───── Provided entries

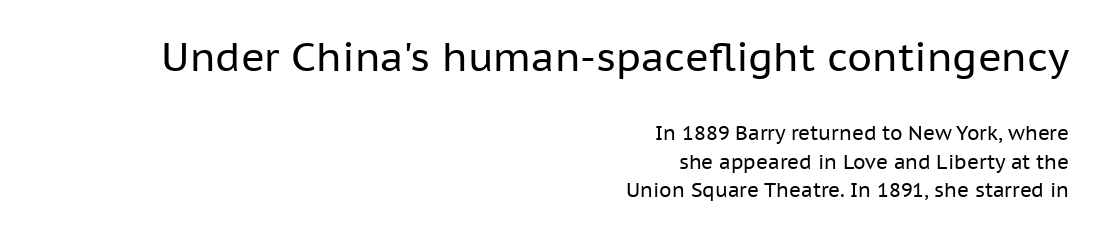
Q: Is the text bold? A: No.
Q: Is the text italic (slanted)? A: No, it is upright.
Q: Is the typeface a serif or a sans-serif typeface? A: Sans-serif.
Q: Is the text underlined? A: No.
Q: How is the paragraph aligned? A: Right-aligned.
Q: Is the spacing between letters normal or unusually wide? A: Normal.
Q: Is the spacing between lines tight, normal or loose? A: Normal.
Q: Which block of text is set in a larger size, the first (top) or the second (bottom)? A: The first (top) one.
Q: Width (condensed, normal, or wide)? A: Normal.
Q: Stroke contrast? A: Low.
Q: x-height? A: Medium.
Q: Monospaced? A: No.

──────────
───── Provided entries

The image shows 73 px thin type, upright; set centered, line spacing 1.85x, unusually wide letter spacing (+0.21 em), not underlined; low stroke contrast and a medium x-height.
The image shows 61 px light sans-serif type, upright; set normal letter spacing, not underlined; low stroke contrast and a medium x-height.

──────────

What to do. Given the records above, reproduce precisely and only the lines between the line holding "Q: Width (condensed, normal, or" and the line holding "Q: Monospaced? A: No.", inclusive.

Answer below.
Q: Width (condensed, normal, or wide)? A: Normal.
Q: Stroke contrast? A: Low.
Q: x-height? A: Medium.
Q: Monospaced? A: No.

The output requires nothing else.